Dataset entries

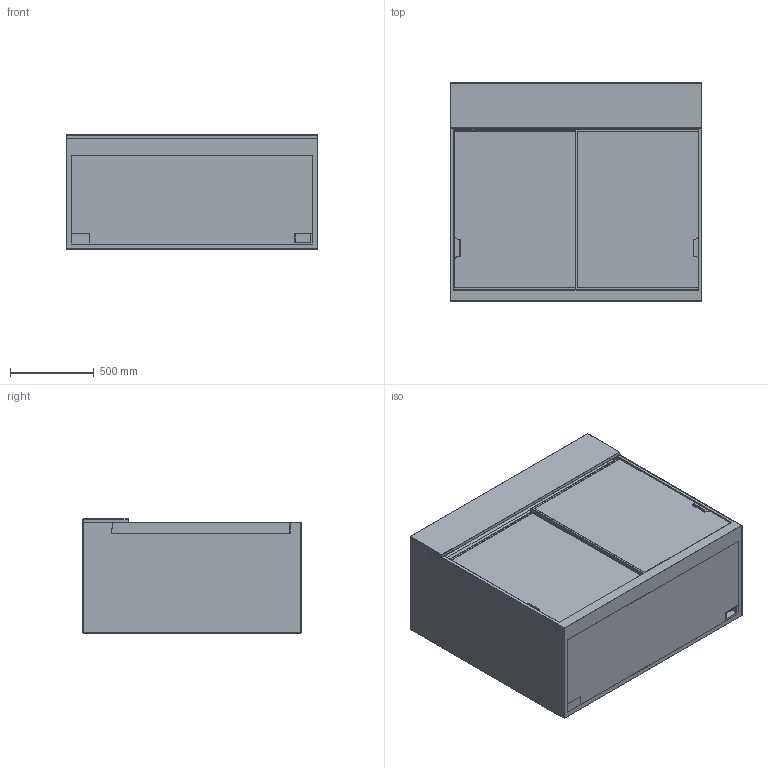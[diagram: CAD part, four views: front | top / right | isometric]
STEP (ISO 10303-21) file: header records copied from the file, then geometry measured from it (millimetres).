
FILE_DESCRIPTION (( 'STEP AP214' ), '1' );
FILE_NAME ('FKV-FS-150-Z.step', '2024-11-06T13:33:12', ( '' ), ( '' ), 'SwSTEP 2.0', 'SolidWorks 2023', '' );
FILE_SCHEMA (( 'AUTOMOTIVE_DESIGN' ));
Length unit declared in the file: millimetre
Products named in the file (7): 19-10-41775_S-FKV-BR-TUER-1500-1300-L; 19-10-41790_Schale-718-660; 19-10-41775_S-FKV-BR-TUER-1500-1300-R; 19-10-41790_FG-285-630-660; 19-10-41790_FG-130-630-660; FKV-FS-150-Z; 19-10-41780_S-FKV-Z-FKV-150 Korpus-Schale
Assembly tree (7 placements, depth 2):
  FKV-FS-150-Z
    19-10-41780_S-FKV-Z-FKV-150 Korpus-Schale
    19-10-41775_S-FKV-BR-TUER-1500-1300-L
    19-10-41775_S-FKV-BR-TUER-1500-1300-R
    19-10-41790_Schale-718-660  x2
    19-10-41790_FG-285-630-660
    19-10-41790_FG-130-630-660
Bounding box: 1500 x 1300 x 680 mm (x, y, z)
Volume: 291852166.9 mm3; surface area: 18442078.6 mm2
Topology: 15 solids, 15 shells, 409 faces, 1009 edges, 604 vertices
Faces by surface type: plane 259, cylinder 110, sphere 36, bspline 2, torus 2
Entity records: 10862 total; most frequent: CARTESIAN_POINT 1935, DIRECTION 1806, ORIENTED_EDGE 1764, EDGE_CURVE 882, VECTOR 674, LINE 674, AXIS2_PLACEMENT_3D 566, VERTEX_POINT 543
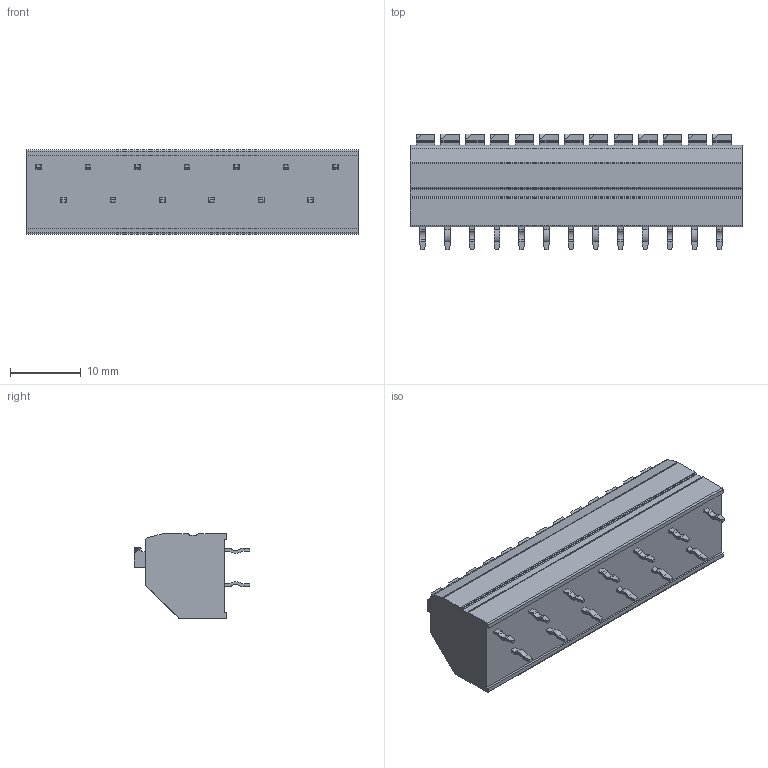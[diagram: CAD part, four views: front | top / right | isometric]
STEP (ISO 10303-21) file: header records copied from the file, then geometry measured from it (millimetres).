
FILE_DESCRIPTION((''),'2;1');
FILE_NAME('TLM-002C-XXP','2024-11-02T14:40:47',('tluser'),(''),'CREO PARAMETRIC BY PTC INC, 2018100','CREO PARAMETRIC BY PTC INC, 2018100','');
FILE_SCHEMA(('AUTOMOTIVE_DESIGN { 1 0 10303 214 1 1 1 1 }'));
Length unit declared in the file: millimetre
Products named in the file (1): TLM-002C-XXP
Bounding box: 47 x 16.4 x 12 mm (x, y, z)
Volume: 5537.3 mm3; surface area: 3071.6 mm2
Topology: 1 solids, 1 shells, 624 faces, 1684 edges, 1088 vertices
Faces by surface type: plane 432, cylinder 140, cone 52
Entity records: 19733 total; most frequent: CARTESIAN_POINT 4029, ORIENTED_EDGE 3368, DIRECTION 3095, EDGE_CURVE 1684, VECTOR 1196, LINE 1196, VERTEX_POINT 1088, AXIS2_PLACEMENT_3D 948

> [Aim of the task]: A word-for-word retyping of every record is required, without the pictures.

> [Answer for this exercise]:
[diagram: CAD part, four views: front | top / right | isometric]
STEP (ISO 10303-21) file: header records copied from the file, then geometry measured from it (millimetres).
FILE_DESCRIPTION (( 'STEP AP214' ), '1' );
FILE_NAME ('FKV-FS-150-Z.step', '2024-11-06T13:33:12', ( '' ), ( '' ), 'SwSTEP 2.0', 'SolidWorks 2023', '' );
FILE_SCHEMA (( 'AUTOMOTIVE_DESIGN' ));
Length unit declared in the file: millimetre
Products named in the file (7): 19-10-41775_S-FKV-BR-TUER-1500-1300-L; 19-10-41790_Schale-718-660; 19-10-41775_S-FKV-BR-TUER-1500-1300-R; 19-10-41790_FG-285-630-660; 19-10-41790_FG-130-630-660; FKV-FS-150-Z; 19-10-41780_S-FKV-Z-FKV-150 Korpus-Schale
Assembly tree (7 placements, depth 2):
  FKV-FS-150-Z
    19-10-41780_S-FKV-Z-FKV-150 Korpus-Schale
    19-10-41775_S-FKV-BR-TUER-1500-1300-L
    19-10-41775_S-FKV-BR-TUER-1500-1300-R
    19-10-41790_Schale-718-660  x2
    19-10-41790_FG-285-630-660
    19-10-41790_FG-130-630-660
Bounding box: 1500 x 1300 x 680 mm (x, y, z)
Volume: 291852166.9 mm3; surface area: 18442078.6 mm2
Topology: 15 solids, 15 shells, 409 faces, 1009 edges, 604 vertices
Faces by surface type: plane 259, cylinder 110, sphere 36, bspline 2, torus 2
Entity records: 10862 total; most frequent: CARTESIAN_POINT 1935, DIRECTION 1806, ORIENTED_EDGE 1764, EDGE_CURVE 882, VECTOR 674, LINE 674, AXIS2_PLACEMENT_3D 566, VERTEX_POINT 543
[diagram: CAD part, four views: front | top / right | isometric]
STEP (ISO 10303-21) file: header records copied from the file, then geometry measured from it (millimetres).
FILE_DESCRIPTION((''),'2;1');
FILE_NAME('TLM-002C-XXP','2024-11-02T14:40:47',('tluser'),(''),'CREO PARAMETRIC BY PTC INC, 2018100','CREO PARAMETRIC BY PTC INC, 2018100','');
FILE_SCHEMA(('AUTOMOTIVE_DESIGN { 1 0 10303 214 1 1 1 1 }'));
Length unit declared in the file: millimetre
Products named in the file (1): TLM-002C-XXP
Bounding box: 47 x 16.4 x 12 mm (x, y, z)
Volume: 5537.3 mm3; surface area: 3071.6 mm2
Topology: 1 solids, 1 shells, 624 faces, 1684 edges, 1088 vertices
Faces by surface type: plane 432, cylinder 140, cone 52
Entity records: 19733 total; most frequent: CARTESIAN_POINT 4029, ORIENTED_EDGE 3368, DIRECTION 3095, EDGE_CURVE 1684, VECTOR 1196, LINE 1196, VERTEX_POINT 1088, AXIS2_PLACEMENT_3D 948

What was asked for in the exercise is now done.